= Ōmiya, Saitama =

Dissolved municipality in Saitama prefecture, Japan

Ōmiya (大宮市, Ōmiya-shi) was a city located in Saitama Prefecture, Japan.

On May 1, 2001, Ōmiya was merged with the cities of Urawa and Yono to create the city of Saitama.

Since April 1, 2003, the area of former Ōmiya City has been divided into 4 wards: Kita-ku, Minuma-ku, Nishi-ku, and Ōmiya-ku of Saitama City.

==History==

===Origin and pre-modern history===
Ōmiya is an indigenous Japanese language word which can be decomposed to Ō (大, kun'yomi (Japanese reading) おお: large, great) and miya (宮, kun'yomi み-や: noble or holy - house; palace or shrine) after the Hikawa Shrine.
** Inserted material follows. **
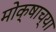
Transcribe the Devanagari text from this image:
मोक्षाच्या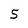
Character: 5

The town was on the Nakasendō, a main national road in the feudal Edo period and the predecessor to a part of National Highway Route 17, and the Takasaki Line.

===Modern Ōmiya===
- On April 1, 1899, the town of Ōmiya as a modern municipality was founded.
- After the 1923 Great Kantō earthquake, bonsai nurseries relocated from Tokyo and formed the bonsai village.
- In 1940, Ōmiya became a city after several surrounding village annexations/mergers.

===Saitama City era===
- On May 1, 2001, Ōmiya was merged with the cities of Urawa and Yono to create the new capital city of Saitama.
- On April 1, 2003, when Saitama became a designated city, the former area of Ōmiya City has been divided into 4 wards: Kita-ku, Minuma-ku, Nishi-ku and Ōmiya-ku.

==Education==

A North Korean school, Saitama Korean Elementary and Middle School (埼玉朝鮮初中級学校), was previously in the City of Ōmiya.